**DATASET RECORDS:**

━━━━━━

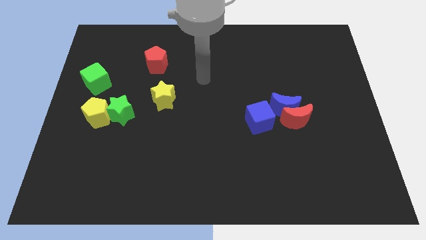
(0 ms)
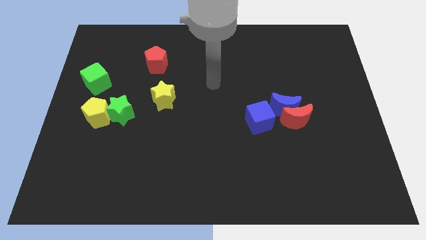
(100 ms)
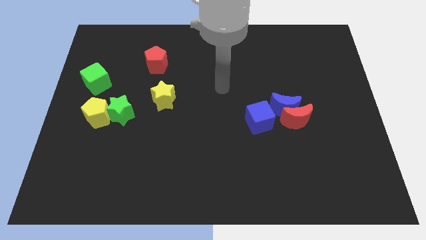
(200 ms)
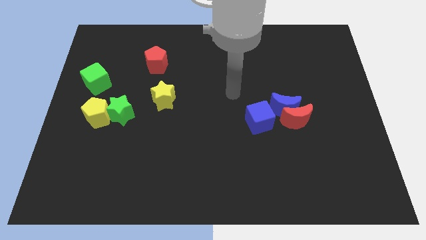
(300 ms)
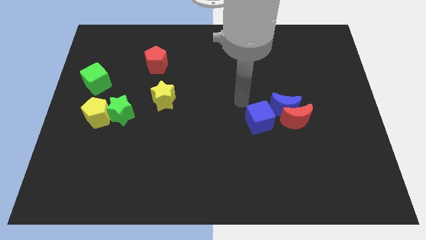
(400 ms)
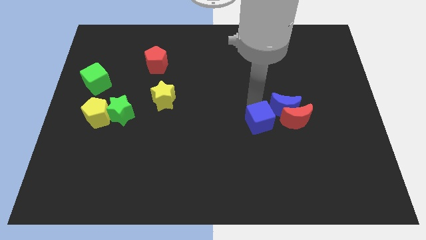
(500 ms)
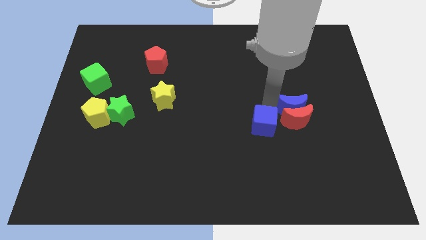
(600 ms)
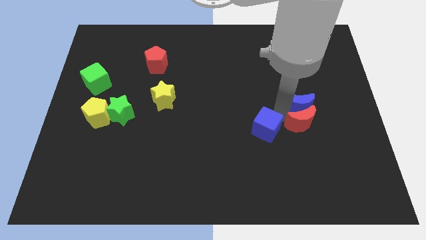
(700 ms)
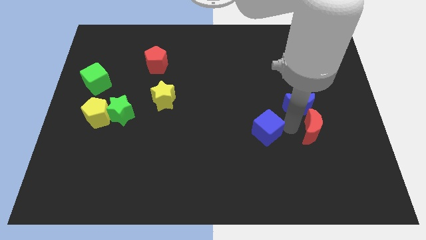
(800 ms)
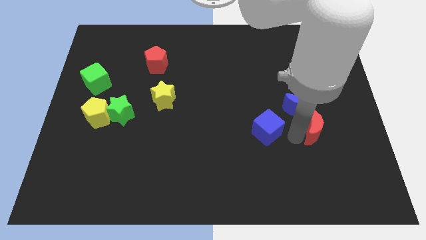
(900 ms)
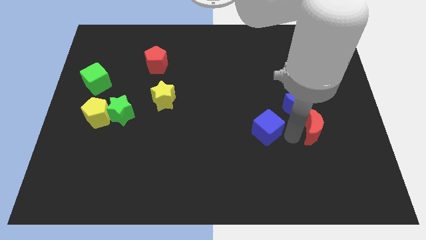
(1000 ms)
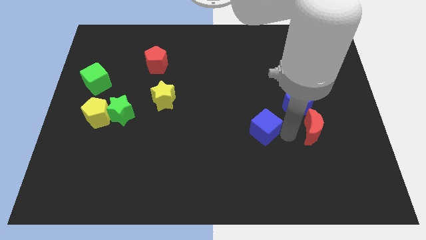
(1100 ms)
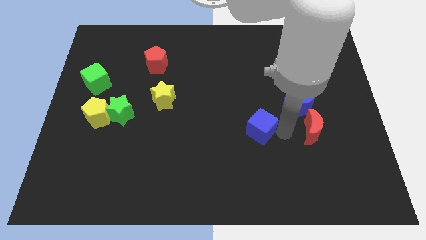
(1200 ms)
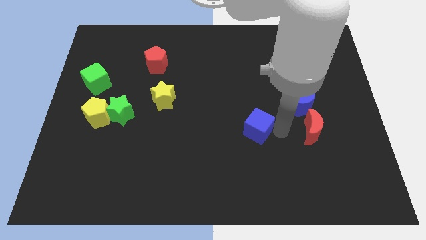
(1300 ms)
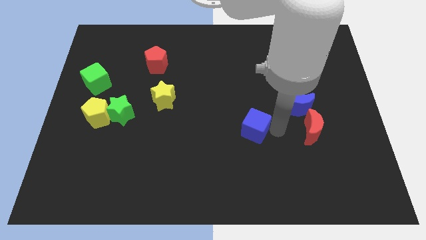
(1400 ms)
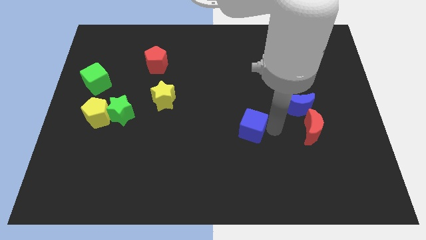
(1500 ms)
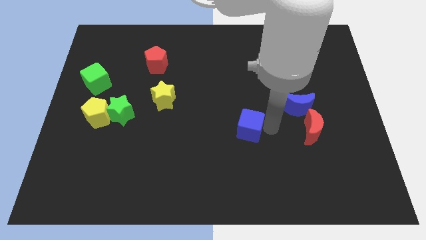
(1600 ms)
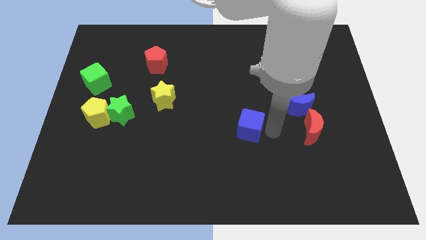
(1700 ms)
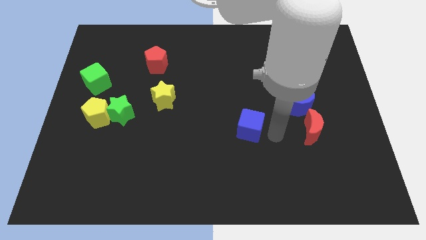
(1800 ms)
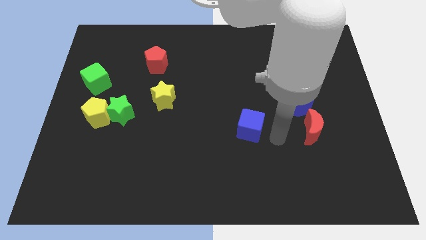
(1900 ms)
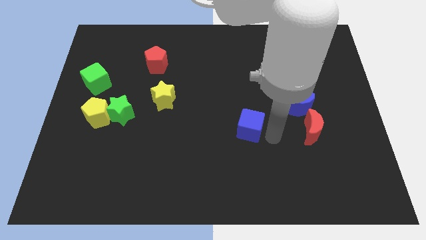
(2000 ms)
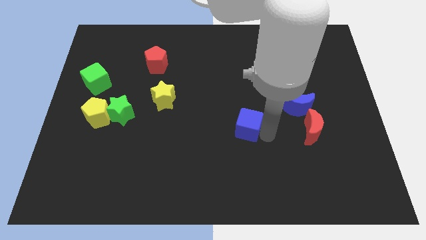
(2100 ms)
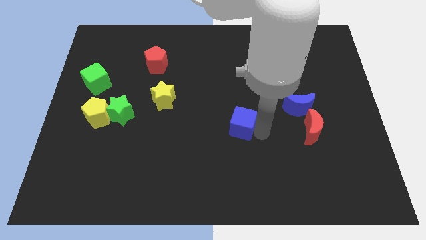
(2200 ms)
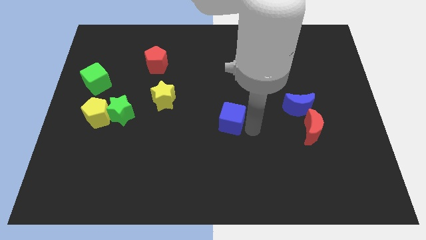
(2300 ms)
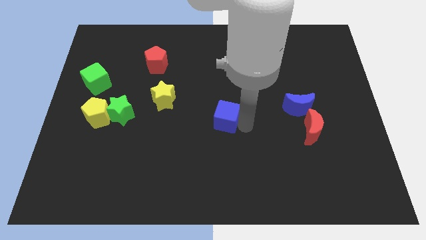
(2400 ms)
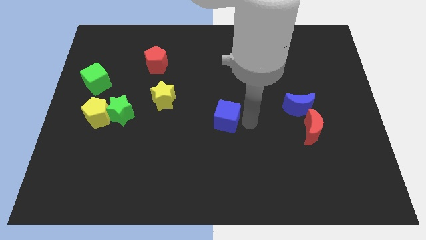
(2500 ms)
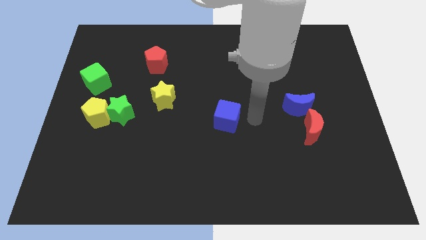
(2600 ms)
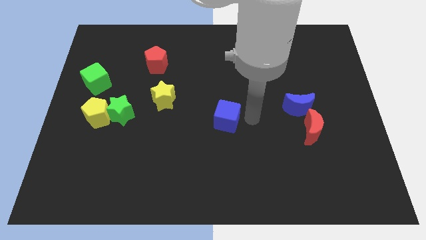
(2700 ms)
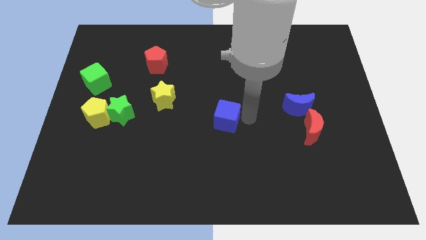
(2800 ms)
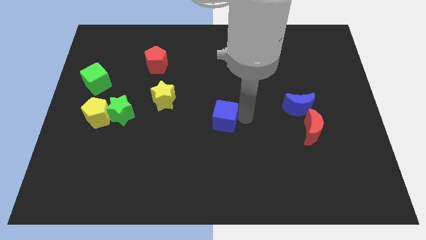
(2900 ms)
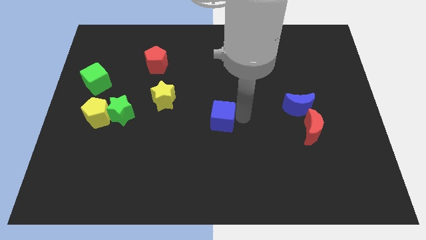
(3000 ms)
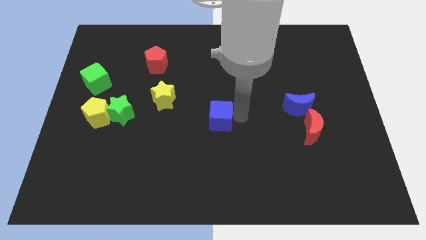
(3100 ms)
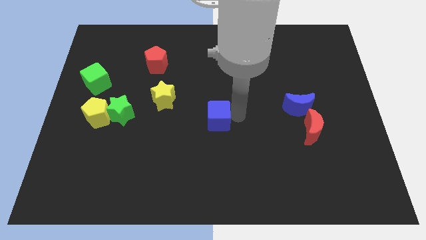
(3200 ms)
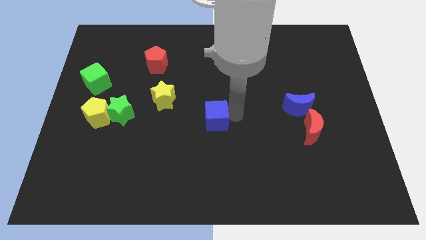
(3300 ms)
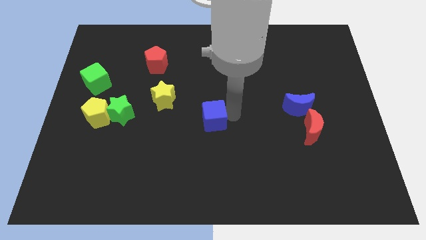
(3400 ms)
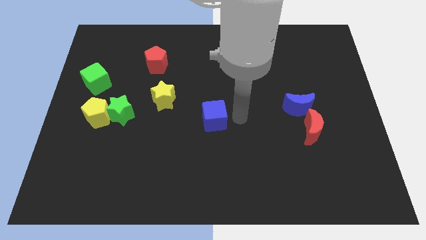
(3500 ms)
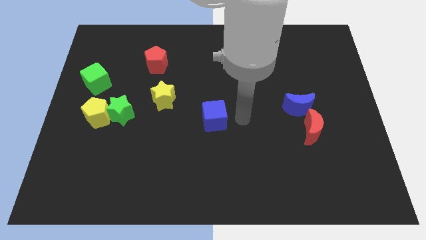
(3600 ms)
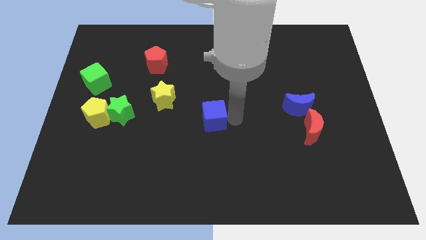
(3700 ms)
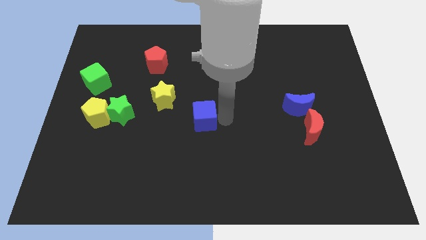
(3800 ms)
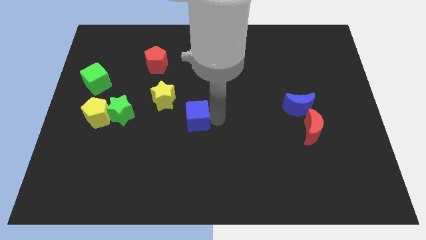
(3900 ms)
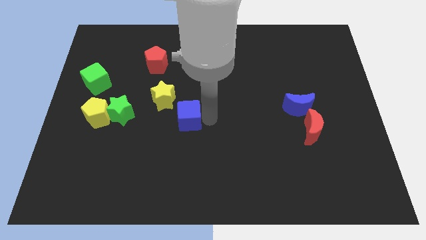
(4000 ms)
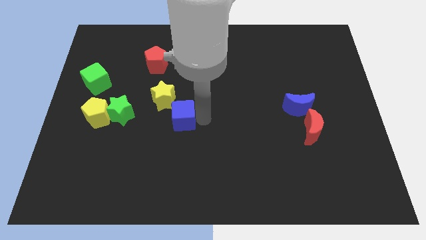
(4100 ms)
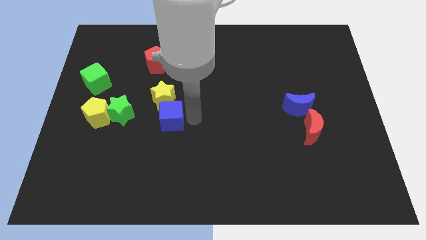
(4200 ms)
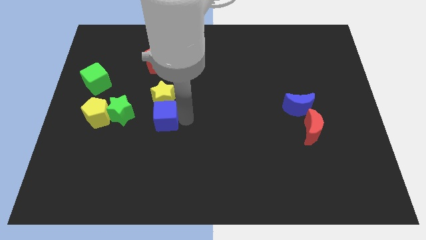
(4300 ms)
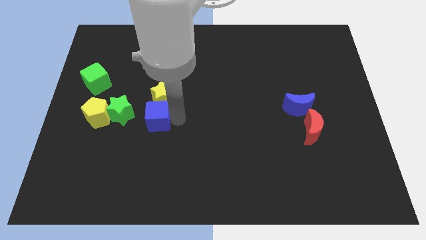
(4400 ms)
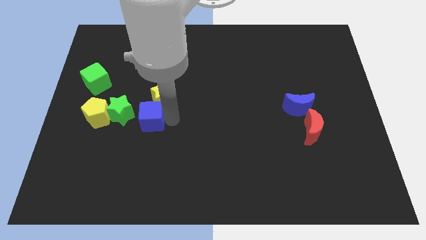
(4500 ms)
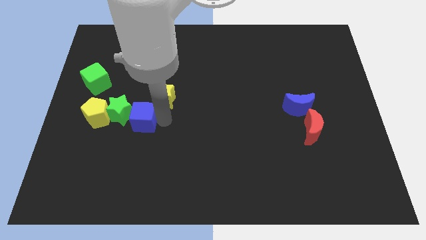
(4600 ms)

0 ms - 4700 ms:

━━━━━━

Repeat the listing word for word, omitting the pictures.

(0 ms)
(100 ms)
(200 ms)
(300 ms)
(400 ms)
(500 ms)
(600 ms)
(700 ms)
(800 ms)
(900 ms)
(1000 ms)
(1100 ms)
(1200 ms)
(1300 ms)
(1400 ms)
(1500 ms)
(1600 ms)
(1700 ms)
(1800 ms)
(1900 ms)
(2000 ms)
(2100 ms)
(2200 ms)
(2300 ms)
(2400 ms)
(2500 ms)
(2600 ms)
(2700 ms)
(2800 ms)
(2900 ms)
(3000 ms)
(3100 ms)
(3200 ms)
(3300 ms)
(3400 ms)
(3500 ms)
(3600 ms)
(3700 ms)
(3800 ms)
(3900 ms)
(4000 ms)
(4100 ms)
(4200 ms)
(4300 ms)
(4400 ms)
(4500 ms)
(4600 ms)

0 ms - 4700 ms:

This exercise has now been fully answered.